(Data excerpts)
╭──
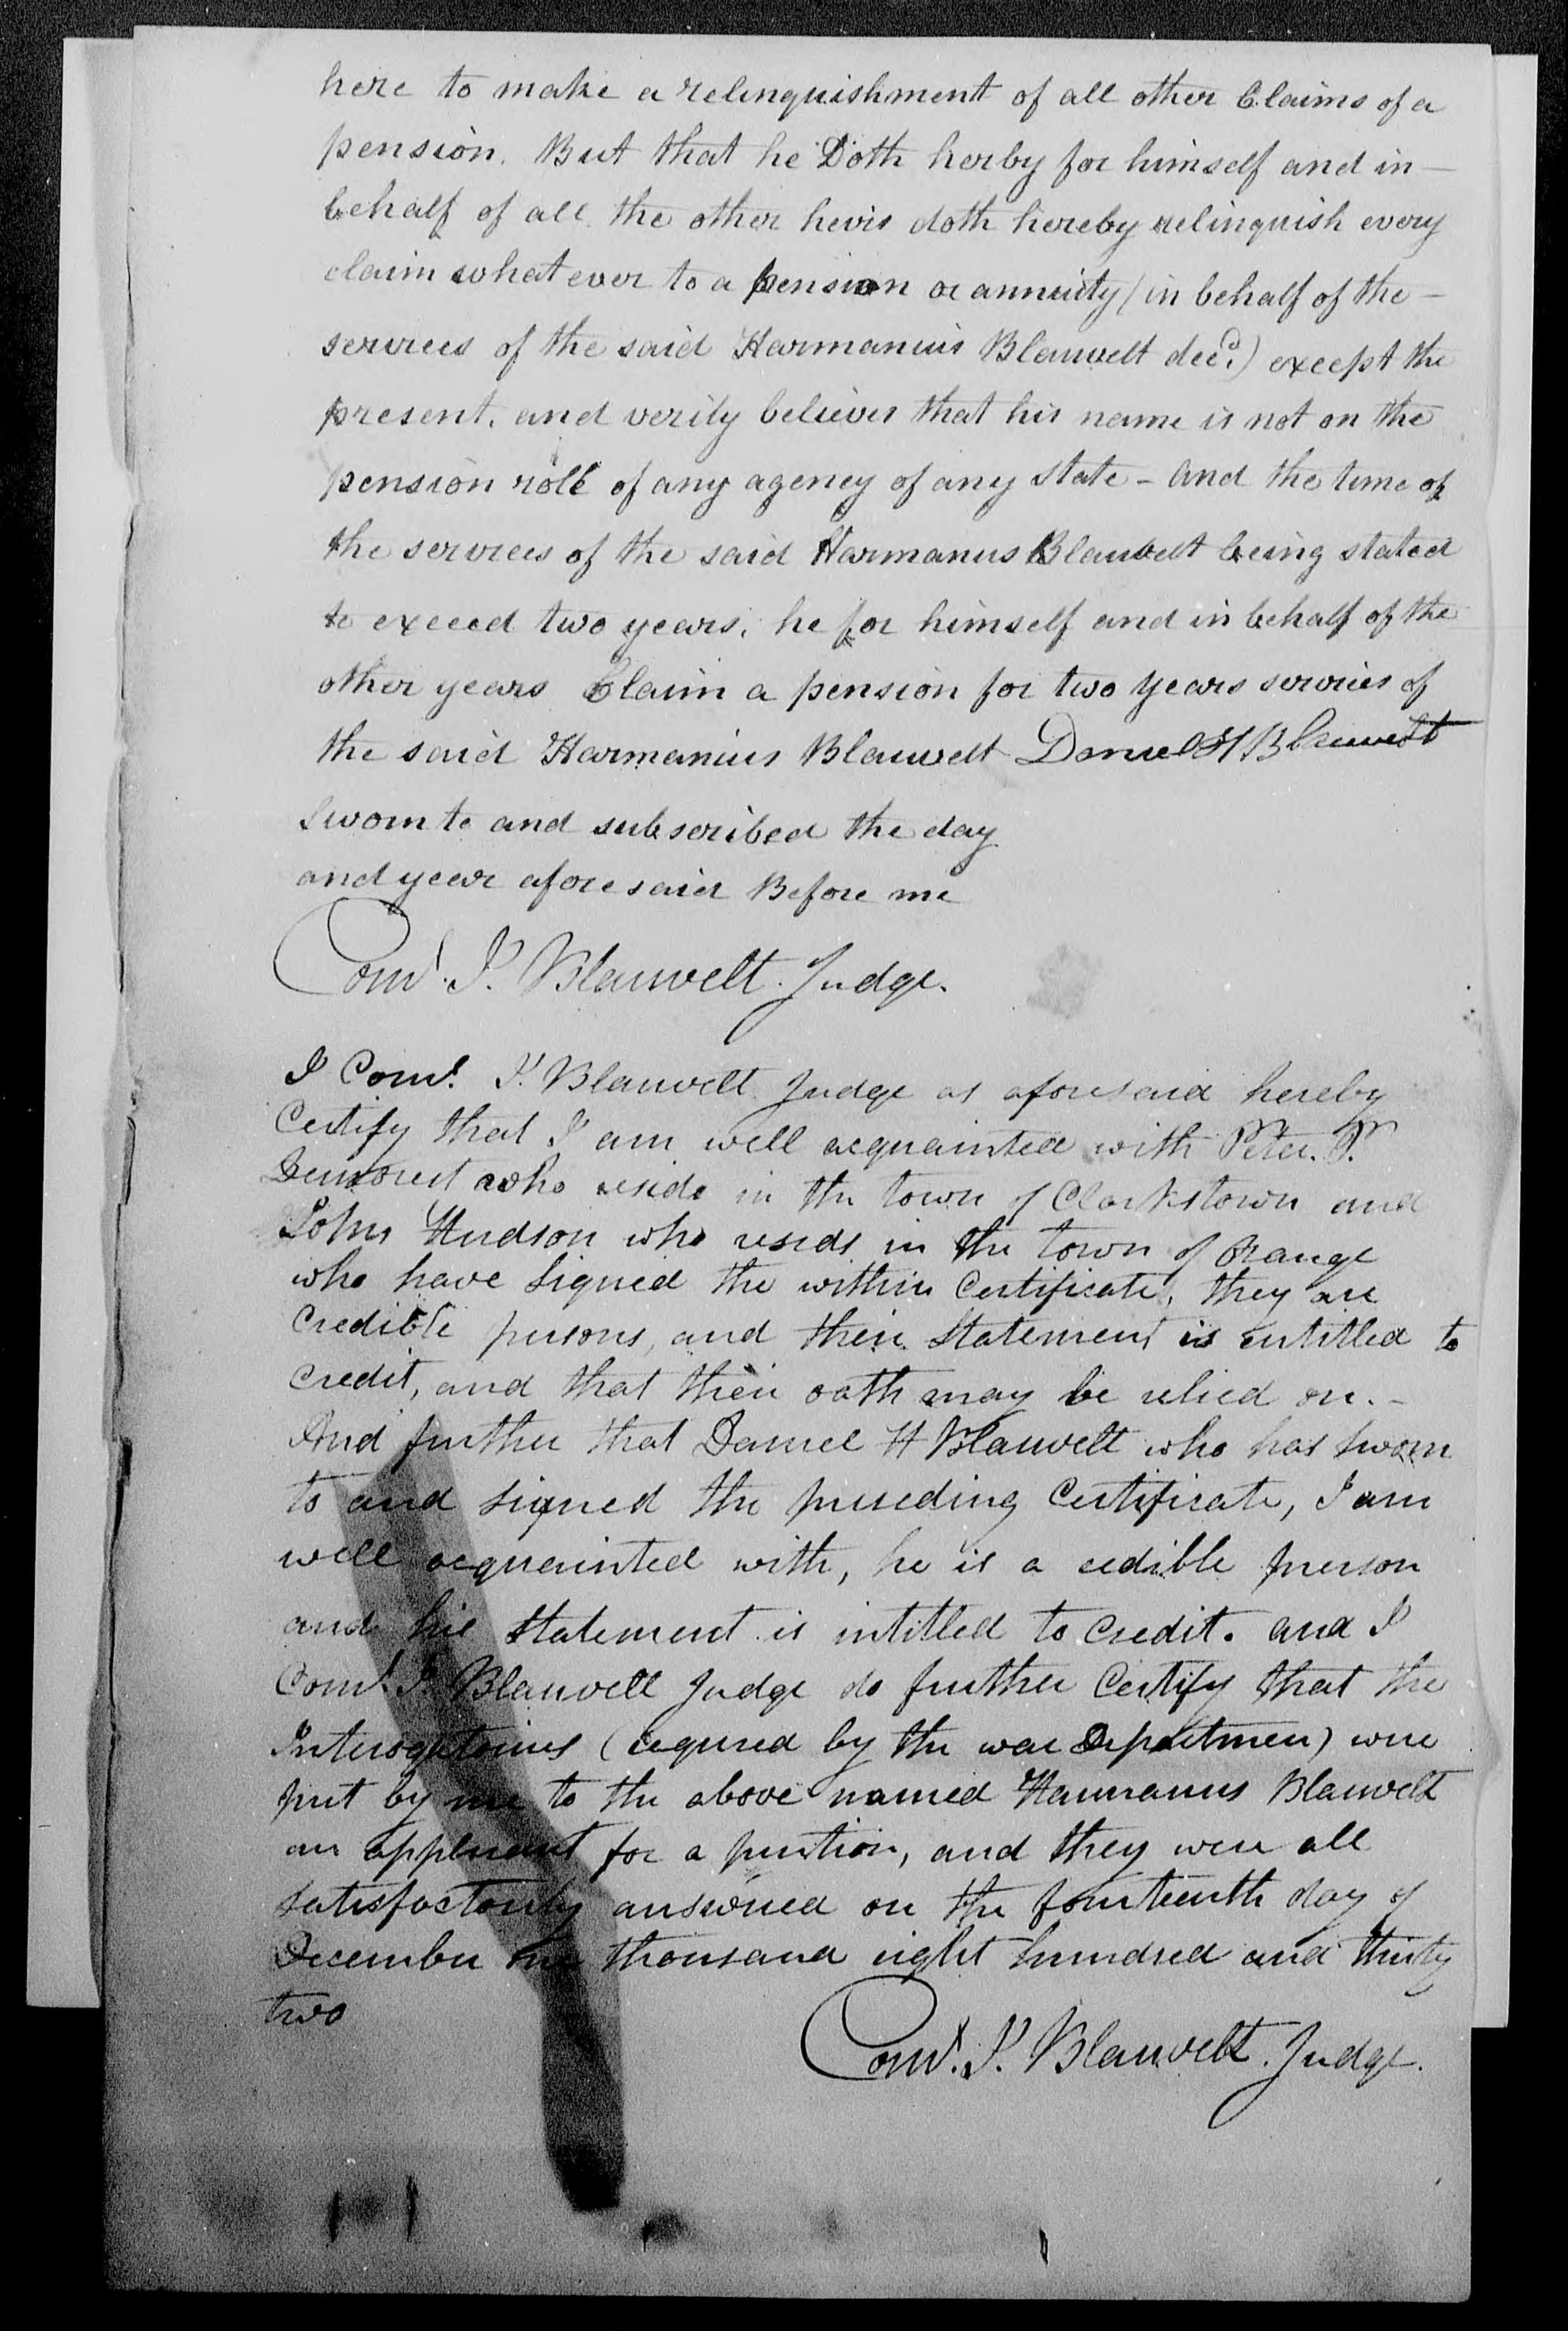here to make a relinquishment of all other claims of a pension. But that he Doth hereby for himself and in behalf of all the other heirs doth hereby relinquish every claim whatever to a pension or annuity, in behalf of the services of the said Harmanius Blauvelt dec'd. except the present, and verily believe that his name is not on the pension roll of any agency of any state - and the time of the services of the said Harmanus Blauvelt being stated to exceed two years, he for himself and in behalf of the other years Claim a pension for two years service of the said Harmanius Blauvelt [signed] Daniel H Blauvelt
Sworn to and subscribed the day and year aforesaid Before me
[signed] Cornl I Blauvelt, Judge.

I Corn'. I. Blauvelt Judge as aforesaid hereby Certify that I am well acquainted with Peter P. Demarest who reside in the town of Clarkstown and John Hudson who resides in the town of Orange who have signed the within Certificate, they are credible persons and their Statement is entitled to credit, and that their oath may be relied on, And further that Daniel H Blauvelt who has sworn to and signed the preceding certificate, I am well acquainted with, he is a credible person and his statement is intitled to credit. and I Cornl I. Blauvelt Judge do further Certify that the interrogatories (required by the war Department) were put by me to the above named Harmanus Blauvelt an applicant for a pension, and they were all satisfactorily answered on the fourteenth day of December one thousand eight hundred and thirty two
[signed] Cornl. I. Blauvelt, Judge.

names: Harmanius Blauvelt, Harmanus Blauvelt, Daniel H Blauvelt, Harmanius Blauvelt, Corns I Blauvelt, Corns I Blauvelt, Harmanus Blauvelt, Corns I Blauvelt, Peter P Demorest, Corns I Blauvelt, John Hudson, Daniel H Blauvelt
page: 27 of 33
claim: survivor's
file: S. 22,653, Harmanus Blauvelt, New York
╰──
## [Task objective]
Write out exactly the opening lines of the data, stopping after the line that holds "[signed] Cornl I Blauvelt, Judge.". Exclude pictures.

## [Answer section]
here to make a relinquishment of all other claims of a pension. But that he Doth hereby for himself and in behalf of all the other heirs doth hereby relinquish every claim whatever to a pension or annuity, in behalf of the services of the said Harmanius Blauvelt dec'd. except the present, and verily believe that his name is not on the pension roll of any agency of any state - and the time of the services of the said Harmanus Blauvelt being stated to exceed two years, he for himself and in behalf of the other years Claim a pension for two years service of the said Harmanius Blauvelt [signed] Daniel H Blauvelt
Sworn to and subscribed the day and year aforesaid Before me
[signed] Cornl I Blauvelt, Judge.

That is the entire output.